О нон-фикшн, переходящем в миф

Документальный роман Леонида Юзефовича «Зимняя дорога» (М., АСТ: Редакция Елены Шубиной, 2015 г.), снабжен концептуальным подзаголовком «Генерал А. Н. Пепеляев и анархист И. Я. Строд в Якутии. 1922 – 1923 годы».

Автор с порога устанавливает границы, вешает на себя навигаторы и вериги, зимняя дорога его героев определена и географически, и хронологически.
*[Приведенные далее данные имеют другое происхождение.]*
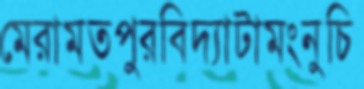
মেরামতপুরবিদ্যাটামংনুচি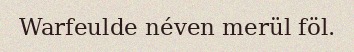
Warfeulde néven merül föl.
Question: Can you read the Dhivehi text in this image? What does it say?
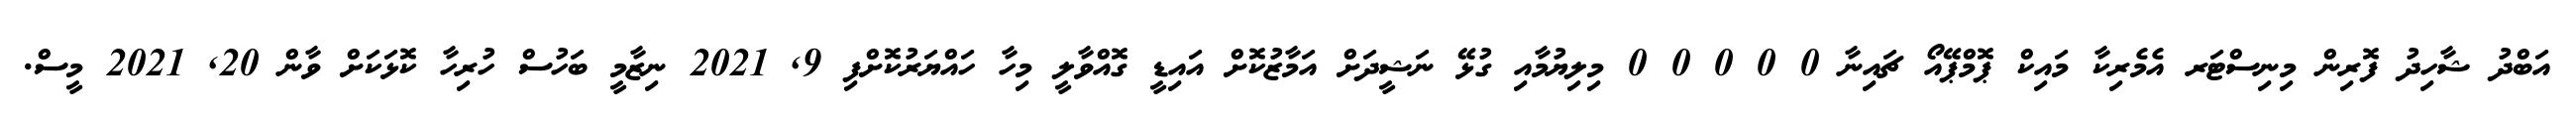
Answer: އަބްދު ޝާހިދު ފޮރިން މިނިސްޓަރ އެމެރިކާ މައިކް ޕޮމްޕޭއޯ ޗައިނާ 0 0 0 0 0 މިލިޔުމާއި ގުޅޭ ނަޝީދަށް އަމާޒުކޮށް އައިޑީ ގޮއްވާލީ މިހާ ހައްޔަރުކޮށްފި 9, 2021 ނިޒާމީ ބަހުސް ހުރިހާ ކޮޅަކަށް ވާން 20, 2021 މީސް.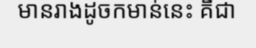
មានរាងដូចកមាន់នេះ គឺជា

Другое дело, что Якутия, даже обнесенная флажками, скорее, не территория, а отдельная планета. «На юге Якутии сеяли пшеницу, на севере разводили оленей и добывали песцов», – мимоходом сообщает Юзефович, но лишь после того, как процитировал ссыльного Владимира Короленко, измерявшего здешние расстояния не верстами и не сроками пути из одного населенного пункта в другой, а жизненными вехами, на примере якутских священников с прихожанами: «Эти бродячие пастыри постоянно объезжают свое стадо, рассеянное на невообразимых пространствах, венчая супругов, у которых давно бегают дети, крестя подростков и отпевая умерших, кости которых истлели в земле».
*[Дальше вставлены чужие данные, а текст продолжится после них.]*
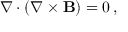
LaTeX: \nabla \cdot ( \nabla \times \mathbf { B } ) = 0 \, ,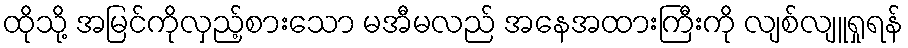
ထိုသို့ အမြင်ကိုလှည့်စားသော မအီမလည် အနေအထားကြီးကို လျစ်လျူရှုရန်

Космическим холодом веет от этих строк, и главное тут не якутские холода, а русский космос, ибо на этой зимней дороге сошлись люди, в жизненном пути которых Якутия ранних двадцатых – пусть значительный, но только эпизод. Такие биографии лучше всего поверяются географией.

Анатолий Пепеляев – самый молодой, самый успешный, самый «мужицкий» из колчаковских генералов – генеральский же сын, родившийся в 1891 году в Томске, обучавшийся военной науке в Омске и Санкт-Петербурге. Женитьба в Верхнеудинске (Улан-Удэ), фронты Первой Мировой: восемь орденов и Георгиевское оружие; руководил томским восстанием против большевиков, привел к власти «Сибирское правительство», взял Красноярск, Иркутск, Верхнеудинск. В конце 1918 года признавший Колчака Анатолий Пепеляев освободил Пермь (вершина военной карьеры, прозвище «сибирский Суворов»), продвинулся к Глазову. Дальше фронт Колчака трещит, Пепеляев удерживает его прочнее прочих, но стихий не остановить, бегство по Транссибу, сыпной тиф; выздоровев, собрал из остатков своей армии Сибирский партизанский отряд, но, не желая иметь ничего общего с атаманом Семеновым, эмигрировал в Харбин.
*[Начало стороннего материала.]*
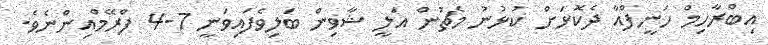
އިބްރާހިމް ހަނީފްއާ ދެކޮޅަށް ކުޅުނު މެޗުން އަލީ ޝާވިން ބަލިވެފައިވަނީ 7-4 ފްރޭމްއިންނެވެ.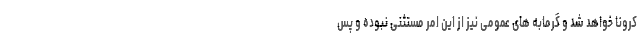
کرونا خواهد شد و گرمابه های عمومی نیز از این امر مستثنی نبوده و پس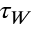
\tau _ { W }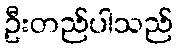
ဦးတည်ပါသည်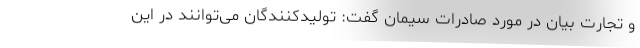
و تجارت بیان در مورد صادرات سیمان گفت: تولیدکنندگان می‌توانند در این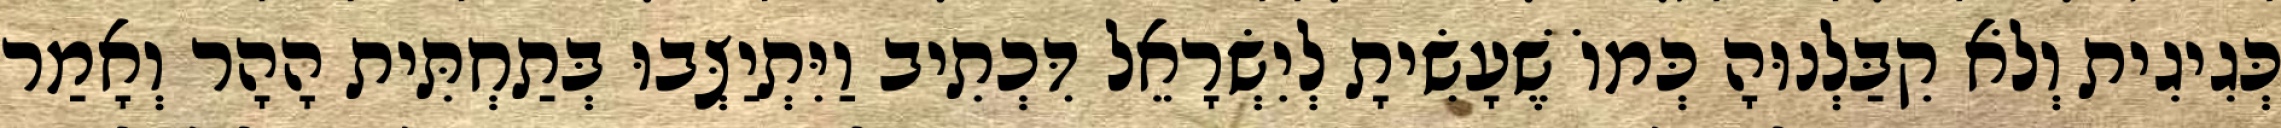
כְּגִיגִית וְלֹא קִבַּלְנוּהָ כְּמוֹ שֶׁעָשִׂיתָ לְיִשְׂרָאֵל דִּכְתִיב וַיִּתְיַצְּבוּ בְּתַחְתִּית הָהָר וְאָמַר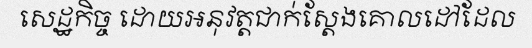
សេដ្ឋកិច្ច ដោយអនុវត្តជាក់ស្តែងគោលដៅដែល

После Якутского похода – суд во Владивостоке, замена высшей меры заключением в Ярославском политизоляторе, где Анатолий Николаевич отбыл 12 лет. Внезапный перевод в Бутырку, а затем во внутреннюю тюрьму НКВД – чекисты готовили для генерала роль в очередном спектакле про заговоры, но для этого необходимо было его освободить (резолюция, рукой Поскребышева: «Тов. Сталин – за»).

Тут не откажу себе в удовольствии процитировать сюжет, реконструированный Леонидом Юзефовичем:

«В разговоре Пепеляева с Кононовичем и подошедшим чуть позже Гаем случайно выяснилось, что белый генерал, в 1919 ближе всех других колчаковских военоначальников подошедший к Москве, сам ни разу в ней не бывал. (…)
Вне зависимости от конкретной цели, которую преследовало НКВД, выпуская Пепеляева на свободу, Гаю захотелось поразить его обликом современной социалистической Москвы в блеске солнечного июльского дня. Это было тщеславное, не без примеси злорадства и всё же естественное желание похвалиться своими сокровищами перед тем, кто тоже имел шанс ими обладать, но упустил его из-за собственной глупости. Гай вызвал машину с шофером, приставил к Пепеляеву какого-то «сержанта», крымского татарина по национальности (такие детали убеждают в правдивости рассказа), и тот прокатил его по центральным улицам, показал Кремль и метро».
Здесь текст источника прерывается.